まだ二日間も経っていないので何ともいえないが、何となく神経質でなさそうな、あんまり物事に動じなさそうな雰囲気がした。どう育つのか、全然分からないが。
新東名の沼津サービスエリアにて。
ガソリン入れ損ねたまま高速入り、新清水のSAにガソリンスタンドが無いことに焦った。
久しぶりの自炊は、賞味期限をちょっと過ぎた生ラーメンと残り物野菜。
これで夜中に突然呼び出される恐れがなくなった。久しぶりに酒を飲む。
入院中の妻と娘のスカイプ通話を肴にして。
ちゃんと考えて作ったのだから、その通りに組み立てれば想定通り動くのは当然だし、データとるのもただ手を動かすだけの作業だ。
僕はここ最近、けっこうそういう状況を実現できていて、試作品設計したら、データ取りまでほぼ手直しなしに進められていた。設計ミスなんて素人さんのやることだ。

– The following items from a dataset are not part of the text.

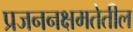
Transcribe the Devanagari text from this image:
प्रजननक्षमतेतील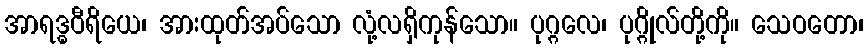
အာရဒ္ဓဝီရိယေ၊ အားထုတ်အပ်သော လုံ့လရှိကုန်သော။ ပုဂ္ဂလေ၊ ပုဂ္ဂိုလ်တို့ကို။ သေဝတော၊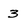
Character: 3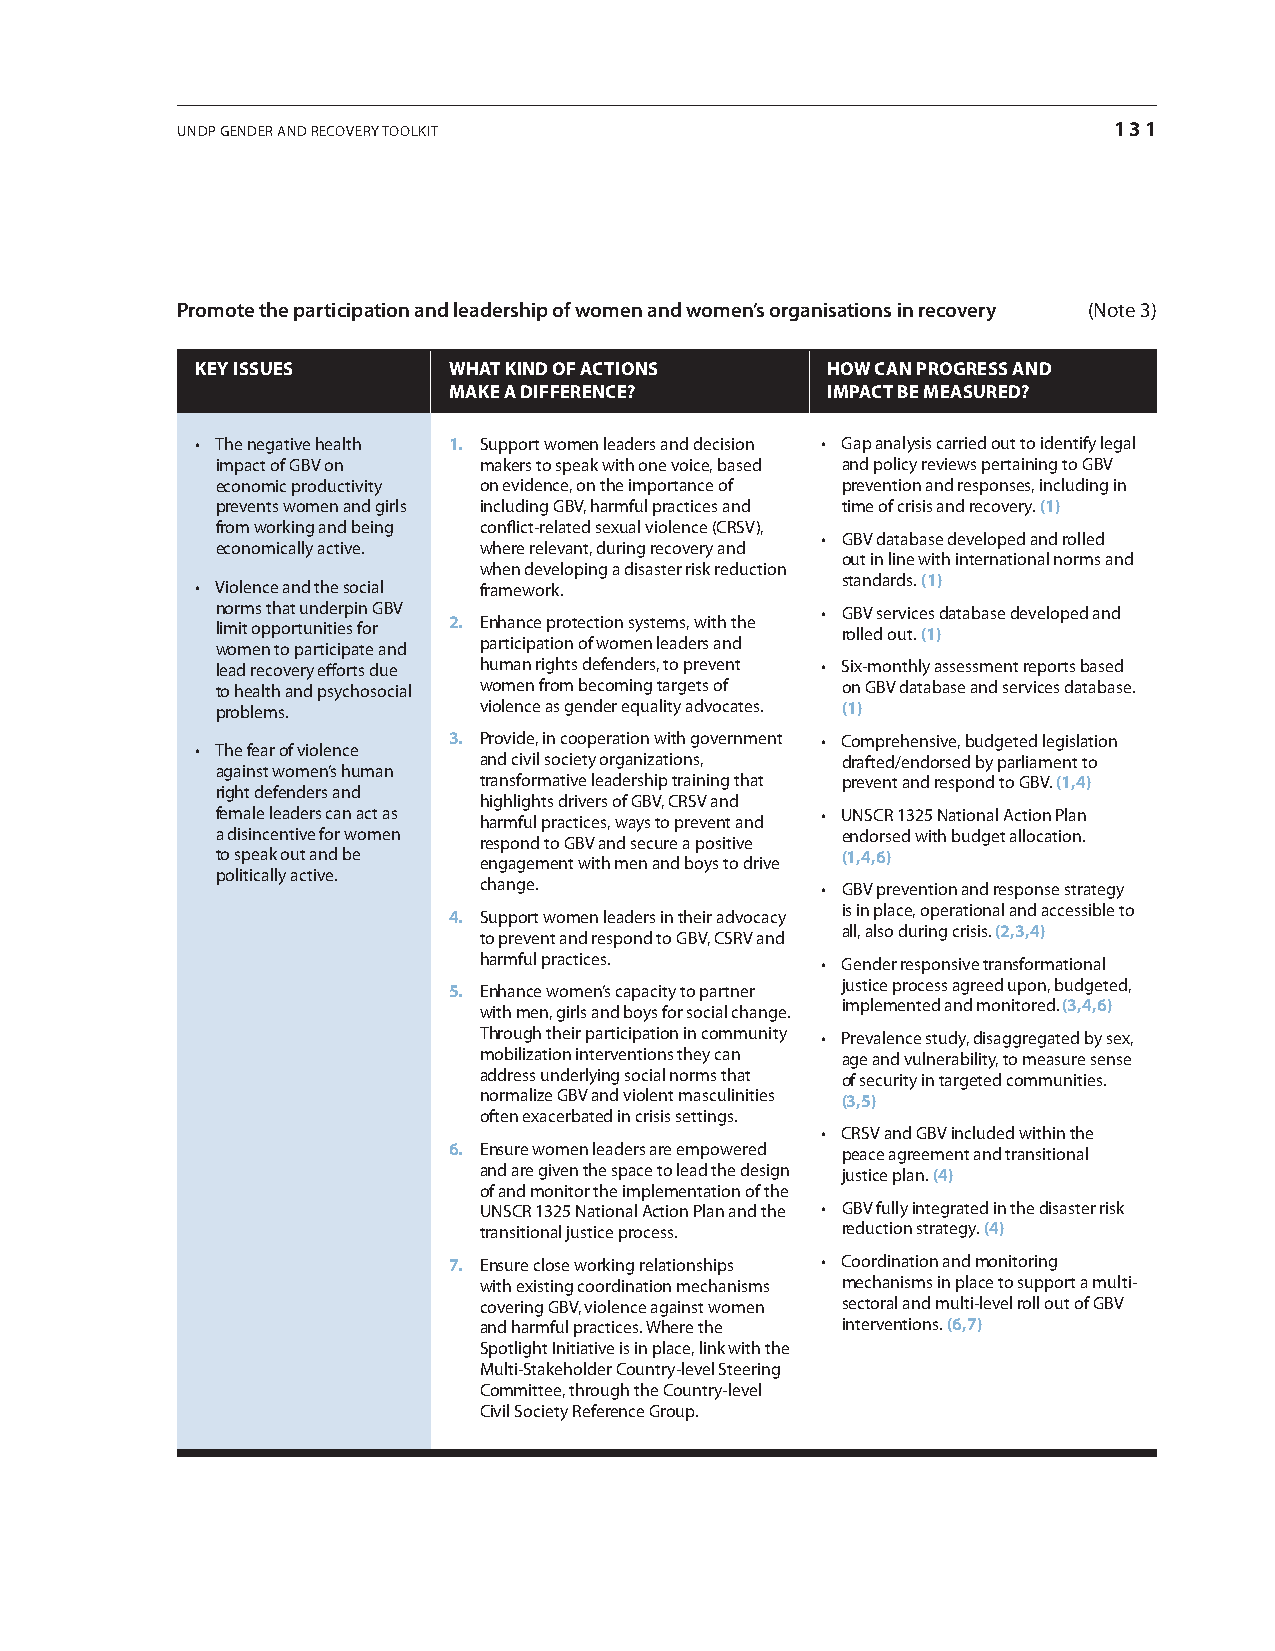
UNDP GeNDer aND recovery toolKit                              131
 Promote the participation and leadership of women and women’s organisations in recovery (Note 3)
 Key issues       What Kind of actions     hoW can proGress and
 maKe a difference?       impact be measured?
 • The negative health 1. Support women leaders and decision • Gap analysis carried out to identify legal
 impact of GBv on  makers to speak with one voice, based and policy reviews pertaining to GBv
 economic productivity on evidence, on the importance of prevention and responses, including in
 prevents women and girls including GBv, harmful practices and time of crisis and recovery. (1)
 from working and being conflict-related sexual violence (crSv),
 • GBV database developed and rolled
 economically active. where relevant, during recovery and
 out in line with international norms and
 when developing a disaster risk reduction
 standards. (1)
 • Violence and the social framework.
 norms that underpin GBv                 • GBV services database developed and
 limit opportunities for 2. enhance protection systems, with the rolled out. (1)
 women to participate and participation of women leaders and
 lead recovery efforts due human rights defenders, to prevent • Six-monthly assessment reports based
 to health and psychosocial women from becoming targets of on GBv database and services database.
 problems.         violence as gender equality advocates. (1)
 3. Provide, in cooperation with government • Comprehensive, budgeted legislation
 • The fear of violence
 and civil society organizations, drafted/endorsed by parliament to
 against women’s human
 transformative leadership training that prevent and respond to GBv. (1,4)
 right defenders and
 highlights drivers of GBv, crSv and
 female leaders can act as               • UNSCR 1325 National Action Plan
 harmful practices, ways to prevent and
 a disincentive for women                  endorsed with budget allocation.
 respond to GBv and secure a positive
 to speak out and be                       (1,4,6)
 engagement with men and boys to drive
 politically active.
 change.               • GBV prevention and response strategy
 is in place, operational and accessible to
 4. Support women leaders in their advocacy
 all, also during crisis. (2,3,4)
 to prevent and respond to GBv, cSrv and
 harmful practices.    • Gender responsive transformational
 justice process agreed upon, budgeted,
 5. enhance women’s capacity to partner
 implemented and monitored. (3,4,6)
 with men, girls and boys for social change.
 through their participation in community • Prevalence study, disaggregated by sex,
 mobilization interventions they can age and vulnerability, to measure sense
 address underlying social norms that of security in targeted communities.
 normalize GBv and violent masculinities (3,5)
 often exacerbated in crisis settings.
 • CRSV and GBV included within the
 6. ensure women leaders are empowered peace agreement and transitional
 and are given the space to lead the design justice plan. (4)
 of and monitor the implementation of the
 UNScr 1325 National action Plan and the • GBV fully integrated in the disaster risk
 transitional justice process. reduction strategy. (4)
 7. ensure close working relationships • Coordination and monitoring
 with existing coordination mechanisms mechanisms in place to support a multi-
 covering GBv, violence against women sectoral and multi-level roll out of GBv
 and harmful practices. Where the interventions. (6,7)
 Spotlight initiative is in place, link with the
 Multi-Stakeholder country-level Steering
 committee, through the country-level
 civil Society reference Group.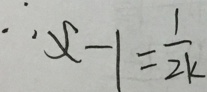
\therefore x - 1 = \frac { 1 } { 2 k }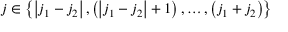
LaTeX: j \in \left\{ \left| j _ { 1 } - j _ { 2 } \right| , \left( \left| j _ { 1 } - j _ { 2 } \right| + 1 \right) , \ldots , \left( j _ { 1 } + j _ { 2 } \right) \right\}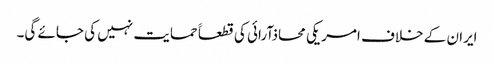
ایران کے خلاف امریکی محاذآرائی کی قطعاََ حمایت نہیں کی جائے گی۔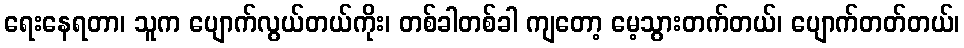
ရေးနေရတာ၊ သူက ပျောက်လွယ်တယ်ကိုး၊ တစ်ခါတစ်ခါ ကျတော့ မေ့သွားတက်တယ်၊ ပျောက်တတ်တယ်၊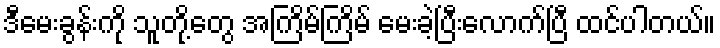
ဒီမေးခွန်းကို သူတို့တွေ အကြိမ်ကြိမ် မေးခဲ့ပြီးလောက်ပြီ ထင်ပါတယ်။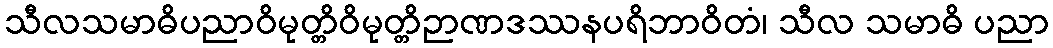
သီလသမာဓိပညာဝိမုတ္တိဝိမုတ္တိဉာဏဒဿနပရိဘာဝိတံ၊ သီလ သမာဓိ ပညာ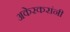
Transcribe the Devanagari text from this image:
अकेरकरांनी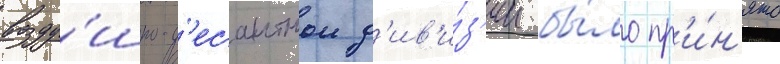
возду́шно-д'есантнои д'ив'и́з'ии бы́ло пр'и́н'ято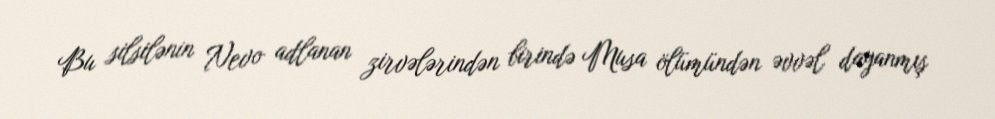
Bu silsilənin Nevo adlanan zirvələrindən birində Musa ölümündən əvvəl dayanmış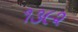
૧૩૯૨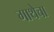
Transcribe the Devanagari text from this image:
गाथेचा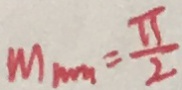
M _ { \min } = \frac { \pi } { 2 }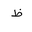
Letter: _za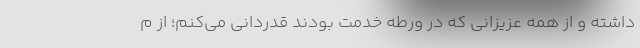
داشته و از همه عزیزانی که در ورطه خدمت بودند قدردانی می‌کنم؛ از م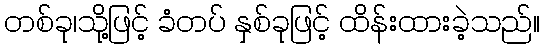
တစ်ခု၊သို့ဖြင့် ခံတပ် နှစ်ခုဖြင့် ထိန်းထားခဲ့သည်။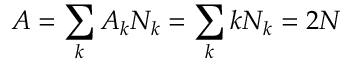
A = \sum _ { k } A _ { k } N _ { k } = \sum _ { k } k N _ { k } = 2 N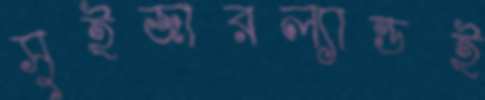
সুইজারল্যান্ডই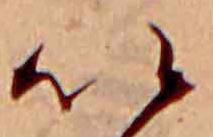
い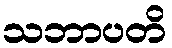
သဘာပတိ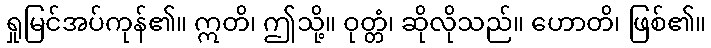
ရှုမြင်အပ်ကုန်၏။ ဣတိ၊ ဤသို့။ ဝုတ္တံ၊ ဆိုလိုသည်။ ဟောတိ၊ ဖြစ်၏။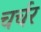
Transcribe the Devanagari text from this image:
चर्चर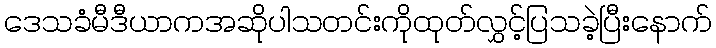
ဒေသခံမီဒီယာကအဆိုပါသတင်းကိုထုတ်လွှင့်ပြသခဲ့ပြီးနောက်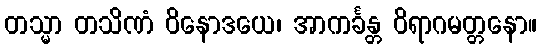
တသ္မာ တသိဏံ ဝိနောဒယေ၊ အာကင်္ခန္တ ဝိရာဂမတ္တနော။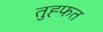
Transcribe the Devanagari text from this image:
तुह्फत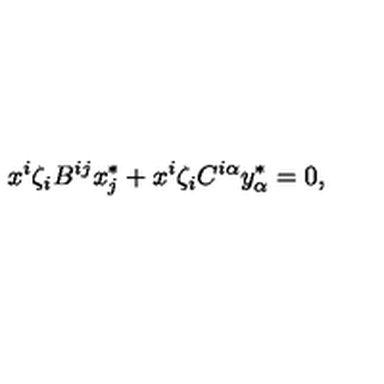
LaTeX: x ^ { i } \zeta _ { i } B ^ { i j } x _ { j } ^ { * } + x ^ { i } \zeta _ { i } C ^ { i \alpha } y _ { \alpha } ^ { * } = 0 ,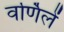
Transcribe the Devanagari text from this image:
वर्णिलें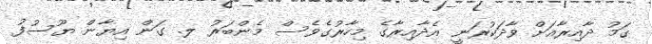
ގަމު ދާއިރާއަށް ވާދަކުރަނީ އެދާއިރާގެ މިހާރުގެވެސް މެންބަރު ލ. ގަން އިޔާން ޔޫސުފު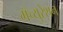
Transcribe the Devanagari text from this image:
मॅच्युरेशन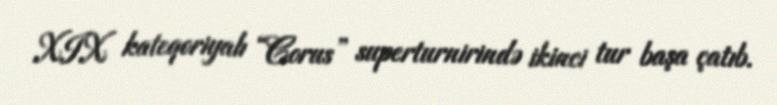
XIX kateqoriyalı “Corus” superturnirində ikinci tur başa çatıb.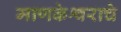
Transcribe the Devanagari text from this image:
माणकेश्वराचे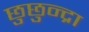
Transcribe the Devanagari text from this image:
छुछुन्द्रा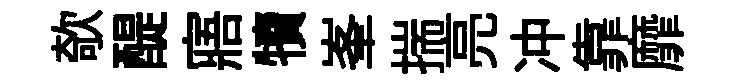
欹醍寤犢峯揣亮冲靠靡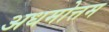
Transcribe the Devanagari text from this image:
अधमोत्तम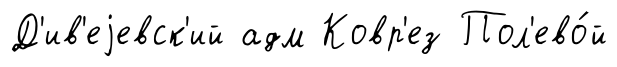
Д'ив'еjевск'ий адм Ковр'ез Пол'ево́й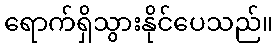
ရောက်ရှိသွားနိုင်ပေသည်။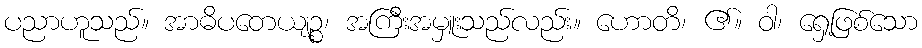
ပညာဟူသည်။ အာဓိပတေယျဉ္စ၊ အကြီးအမှူးသည်လည်း။ ဟောတိ၊ ၏။ ဝါ၊ ရှေ့ဖြစ်သော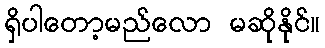
ရှိပါတော့မည်လော မဆိုနိုင်။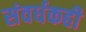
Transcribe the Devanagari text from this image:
संवर्धकही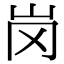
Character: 岗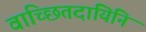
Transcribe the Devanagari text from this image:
वाच्छितदायिनि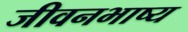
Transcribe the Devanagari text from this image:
जीवनभाष्य
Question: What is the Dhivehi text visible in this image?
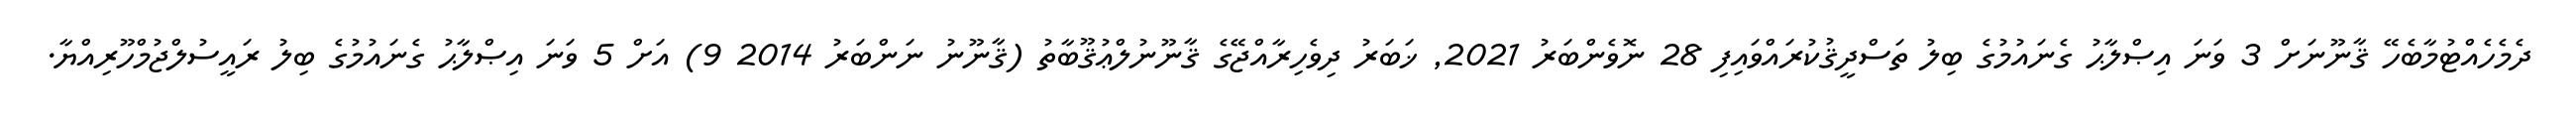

とか言っていたら、痛恨のケアレスミス発覚。正方形に近い長方形の、タテとヨコを間違ってしまっていた。単純だが制作に時間のかかる部品で、けっこう痛い。
けっこう余裕を持って準備しておいたはずだが、チェックが働かなければ日程の余裕も活きないな。
いやいや。問題が起きたときこそ仕事の真価が問われるということにして、そのフォローに奔走した。まぁ何かしらのミスが起こっている状態の方がむしろ普通だ。対応できない話じゃない。